Edit: Talvez o termo mais adequado seja “teocracia informal ou tácita”, no sentido de que não é plenamente institucionalizada, mas é praticada.


Nesse texto, pretendo expor de forma introdutória como há uma ameaça real e já em curso de formação de um Estado Teocrático no Brasil em que o executivo, legislativo e o judiciário (a nível municipal, estadual e federal) ficariam sob controle de pastores ou membros de igrejas evangélicas e que suas decisões seriam fundamentas a partir de uma lógica religiosa e submetidas às diretrizes de suas respectivas igrejas.

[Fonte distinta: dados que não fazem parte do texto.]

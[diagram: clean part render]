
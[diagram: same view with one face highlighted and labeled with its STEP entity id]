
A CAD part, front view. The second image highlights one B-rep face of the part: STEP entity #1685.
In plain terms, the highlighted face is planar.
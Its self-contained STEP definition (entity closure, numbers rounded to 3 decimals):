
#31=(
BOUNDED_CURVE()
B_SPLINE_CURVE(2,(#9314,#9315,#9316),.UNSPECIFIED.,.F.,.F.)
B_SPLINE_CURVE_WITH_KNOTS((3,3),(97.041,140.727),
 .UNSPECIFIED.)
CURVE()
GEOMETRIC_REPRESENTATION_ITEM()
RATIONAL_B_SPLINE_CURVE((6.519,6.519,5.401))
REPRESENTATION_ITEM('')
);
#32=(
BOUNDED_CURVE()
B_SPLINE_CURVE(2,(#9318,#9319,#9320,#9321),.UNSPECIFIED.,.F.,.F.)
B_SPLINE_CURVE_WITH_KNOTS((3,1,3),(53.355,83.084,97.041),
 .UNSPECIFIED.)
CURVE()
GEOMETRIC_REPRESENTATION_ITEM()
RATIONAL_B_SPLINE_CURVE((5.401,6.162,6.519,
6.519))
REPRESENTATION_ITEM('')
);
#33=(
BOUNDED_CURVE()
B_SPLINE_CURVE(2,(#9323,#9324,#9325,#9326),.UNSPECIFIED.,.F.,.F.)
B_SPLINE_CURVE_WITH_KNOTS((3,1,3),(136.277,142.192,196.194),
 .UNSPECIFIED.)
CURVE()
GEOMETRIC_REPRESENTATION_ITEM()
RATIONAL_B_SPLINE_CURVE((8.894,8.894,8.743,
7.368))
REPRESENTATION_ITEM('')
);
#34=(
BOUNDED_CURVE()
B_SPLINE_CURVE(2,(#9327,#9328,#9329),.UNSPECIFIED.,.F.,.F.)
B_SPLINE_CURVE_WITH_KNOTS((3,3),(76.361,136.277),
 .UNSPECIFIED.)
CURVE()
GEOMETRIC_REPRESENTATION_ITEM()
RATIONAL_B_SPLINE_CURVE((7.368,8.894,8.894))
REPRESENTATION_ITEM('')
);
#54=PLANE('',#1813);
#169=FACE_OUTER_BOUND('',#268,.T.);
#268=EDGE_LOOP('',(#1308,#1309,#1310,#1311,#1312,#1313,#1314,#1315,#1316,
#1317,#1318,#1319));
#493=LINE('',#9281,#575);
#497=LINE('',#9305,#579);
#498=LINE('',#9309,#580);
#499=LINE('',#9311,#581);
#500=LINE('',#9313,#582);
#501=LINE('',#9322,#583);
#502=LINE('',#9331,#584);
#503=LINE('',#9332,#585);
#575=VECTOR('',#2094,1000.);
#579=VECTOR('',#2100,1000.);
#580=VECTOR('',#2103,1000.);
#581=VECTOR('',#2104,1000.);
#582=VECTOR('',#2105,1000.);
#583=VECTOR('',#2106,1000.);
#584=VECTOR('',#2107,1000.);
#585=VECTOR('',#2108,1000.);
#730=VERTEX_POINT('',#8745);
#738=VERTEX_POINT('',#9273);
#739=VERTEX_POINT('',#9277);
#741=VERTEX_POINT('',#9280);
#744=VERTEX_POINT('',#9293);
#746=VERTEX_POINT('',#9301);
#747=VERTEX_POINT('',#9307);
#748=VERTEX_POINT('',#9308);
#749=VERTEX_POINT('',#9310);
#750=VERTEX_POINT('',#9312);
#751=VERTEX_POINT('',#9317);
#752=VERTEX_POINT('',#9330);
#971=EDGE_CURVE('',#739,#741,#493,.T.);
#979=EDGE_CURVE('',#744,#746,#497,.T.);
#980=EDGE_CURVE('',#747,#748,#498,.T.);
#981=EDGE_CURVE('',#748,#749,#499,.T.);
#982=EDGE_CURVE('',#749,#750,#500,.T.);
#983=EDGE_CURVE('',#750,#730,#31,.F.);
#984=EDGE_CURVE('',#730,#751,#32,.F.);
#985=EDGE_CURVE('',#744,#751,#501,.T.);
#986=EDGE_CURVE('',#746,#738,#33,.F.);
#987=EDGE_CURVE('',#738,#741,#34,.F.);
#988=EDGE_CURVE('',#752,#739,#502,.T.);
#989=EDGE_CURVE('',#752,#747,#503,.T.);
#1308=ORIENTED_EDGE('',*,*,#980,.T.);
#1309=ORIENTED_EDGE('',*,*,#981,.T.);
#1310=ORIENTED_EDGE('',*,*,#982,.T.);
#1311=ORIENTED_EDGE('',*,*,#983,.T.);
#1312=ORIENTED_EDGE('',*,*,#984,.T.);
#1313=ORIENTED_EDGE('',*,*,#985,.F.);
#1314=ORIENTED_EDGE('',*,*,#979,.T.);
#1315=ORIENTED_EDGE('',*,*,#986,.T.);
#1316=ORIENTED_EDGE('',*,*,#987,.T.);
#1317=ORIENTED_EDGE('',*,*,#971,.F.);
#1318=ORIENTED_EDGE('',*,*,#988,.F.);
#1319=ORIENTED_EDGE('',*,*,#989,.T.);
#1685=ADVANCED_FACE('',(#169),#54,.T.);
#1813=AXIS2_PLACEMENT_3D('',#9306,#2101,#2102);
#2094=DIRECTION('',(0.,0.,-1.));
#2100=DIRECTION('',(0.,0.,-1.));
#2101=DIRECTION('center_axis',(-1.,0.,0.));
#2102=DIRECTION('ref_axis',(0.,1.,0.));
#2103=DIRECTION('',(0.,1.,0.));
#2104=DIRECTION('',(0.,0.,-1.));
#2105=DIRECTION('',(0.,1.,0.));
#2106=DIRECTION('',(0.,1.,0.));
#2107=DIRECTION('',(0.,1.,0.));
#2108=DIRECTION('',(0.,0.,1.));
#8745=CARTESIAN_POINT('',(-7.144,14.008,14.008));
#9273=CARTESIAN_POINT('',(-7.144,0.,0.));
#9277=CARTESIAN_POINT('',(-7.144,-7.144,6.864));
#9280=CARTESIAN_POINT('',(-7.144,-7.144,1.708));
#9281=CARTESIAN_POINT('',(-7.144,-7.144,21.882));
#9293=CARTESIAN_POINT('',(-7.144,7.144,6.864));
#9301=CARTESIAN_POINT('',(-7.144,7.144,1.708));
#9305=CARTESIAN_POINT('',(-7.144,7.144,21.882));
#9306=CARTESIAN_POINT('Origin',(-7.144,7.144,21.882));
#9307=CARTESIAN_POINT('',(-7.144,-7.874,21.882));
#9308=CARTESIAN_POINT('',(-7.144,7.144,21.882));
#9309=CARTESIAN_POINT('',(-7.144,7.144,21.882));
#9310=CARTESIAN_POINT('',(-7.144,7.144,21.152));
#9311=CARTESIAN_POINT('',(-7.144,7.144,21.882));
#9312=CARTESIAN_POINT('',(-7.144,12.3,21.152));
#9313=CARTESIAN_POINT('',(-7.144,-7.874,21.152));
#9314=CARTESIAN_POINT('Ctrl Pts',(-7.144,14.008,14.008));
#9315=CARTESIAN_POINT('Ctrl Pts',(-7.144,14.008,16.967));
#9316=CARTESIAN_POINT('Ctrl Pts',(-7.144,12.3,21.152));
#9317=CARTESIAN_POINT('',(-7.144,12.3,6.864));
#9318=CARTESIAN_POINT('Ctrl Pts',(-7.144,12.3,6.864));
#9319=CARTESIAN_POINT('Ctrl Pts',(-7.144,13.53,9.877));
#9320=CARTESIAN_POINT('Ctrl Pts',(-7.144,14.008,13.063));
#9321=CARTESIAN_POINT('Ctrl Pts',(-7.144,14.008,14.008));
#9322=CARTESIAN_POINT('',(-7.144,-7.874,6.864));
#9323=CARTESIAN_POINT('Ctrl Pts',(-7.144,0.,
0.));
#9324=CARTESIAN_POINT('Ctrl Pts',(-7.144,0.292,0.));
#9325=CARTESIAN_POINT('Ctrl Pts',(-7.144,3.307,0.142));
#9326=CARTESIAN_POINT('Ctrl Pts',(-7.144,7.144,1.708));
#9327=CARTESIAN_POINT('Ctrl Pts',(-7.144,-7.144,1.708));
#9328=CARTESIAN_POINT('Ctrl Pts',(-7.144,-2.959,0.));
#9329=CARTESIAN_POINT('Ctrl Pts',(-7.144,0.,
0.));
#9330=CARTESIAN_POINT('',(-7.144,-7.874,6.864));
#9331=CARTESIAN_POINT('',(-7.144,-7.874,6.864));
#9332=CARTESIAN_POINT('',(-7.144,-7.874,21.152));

O texto se subdivide em:

  1. “A Intenção”, onde demonstro que os evangélicos (particularmente a Igreja Universal) têm um plano de tomada de poder com tendência antidemocrática;
  2. “Os Meios”, que expõe as ferramentas que esses grupos religiosos dispõem para a tomada desse poder;
  3. “As Estratégias” para isso, focando na dimensão política apenas.

Antes de expor a análise, é necessário esclarecer que por se falar em “evangélico” aqui se entende principalmente denominações pentecostais (como a Assembleia de Deus) e neopentecostais (Universal do Edir Macedo, Mundial do Valdemiro Santiago etc.). Evangélicos de missão (ou históricos) como luteranos, presbiterianos, entre outros são relativamente distintos em termos de doutrinas, perfil sociocultural e relação com a política quando comparados com neo/pentecostais (embora tenha ocorrido uma “pentecostalização” dessas denominações nas últimas décadas. Nota-se isso principalmente entre batistas).

A INTENÇÃO

Começamos a exposição pela Igreja Universal do Reino de Deus (IURD), do Edir Macedo, porque ela é a principal personagem dessa história. É a que tem as intenções mais claras de tomada de poder, é uma das mais organizadas politicamente (a que iniciou uma atuação evangélica mais estruturada na década de 1990), com maior poder econômico e midiático, além de ser o grupo neopentecostal com mais fiéis no país.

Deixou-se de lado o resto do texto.